Young Capetonian shows how plugging into her own business switched off stereotypes

Young Capetonian shows how plugging into her own business switched off stereotypes
Makaziwe Mazaleni has never wanted to work for other people, but lockdown killed her growing tourism business. Now, she has learnt the ins and outs of a new business – fixing broken appliances. (Photo: The Clothing Bank NPC)

Thanks to her passion, commitment and eagerness to learn, 29-year-old Makaziwe Mazaleni is on her way to becoming the first woman graduate in a programme dominated by men.

A year and a half into life after lockdown, Makaziwe Mazaleni came across an advert that would put her on an unexpected trajectory.

The advert called for hard-working people who wanted to develop their technical skills in a two-year programme, so that they could run their own businesses. The photo beside the advert showed a man holding three clothing irons and beaming happily.
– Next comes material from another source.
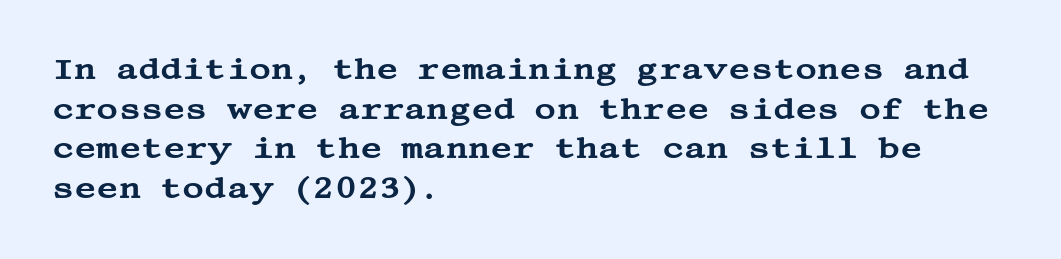
The designer left line spacing at the default. Look at the tracking — it's just the regular setting, nothing added. In CSS terms this would be text-align: left. This rendering employs a face with finishing strokes, i.e., a serif.

Mazaleni went to the open day held by an enterprise development organisation, liked what she saw and triumphed during a tough selection process. She is now a quarter of the way through training for a new career and set to become the first woman graduate of a programme that usually teaches unemployed fathers to fix appliances and sell them on to make themselves financially independent.

That she was neither a parent, nor a man, didn’t occur to her as possible hurdles.

Had she harboured ambitions to do appliance repair? A lifelong fascination with how things worked? “Nothing!” she says.

Did she knit or crochet or have other handwork hobbies? “Nothing!” She laughs. “The only extra thing I ever did at school was dance.”

Mazaleni is 29. She grew up in Langa in Cape Town and studied tourism. She worked for the Happy Snappy photo company, part of City Sightseeing, for two years and discovered a talent and a love for tour guiding, which she consolidated with a tour-guiding course in 2017 at the Cape Academy of Guiding Services. She is also a graduate of the Raymond Ackerman Academy of Entrepreneurial Development.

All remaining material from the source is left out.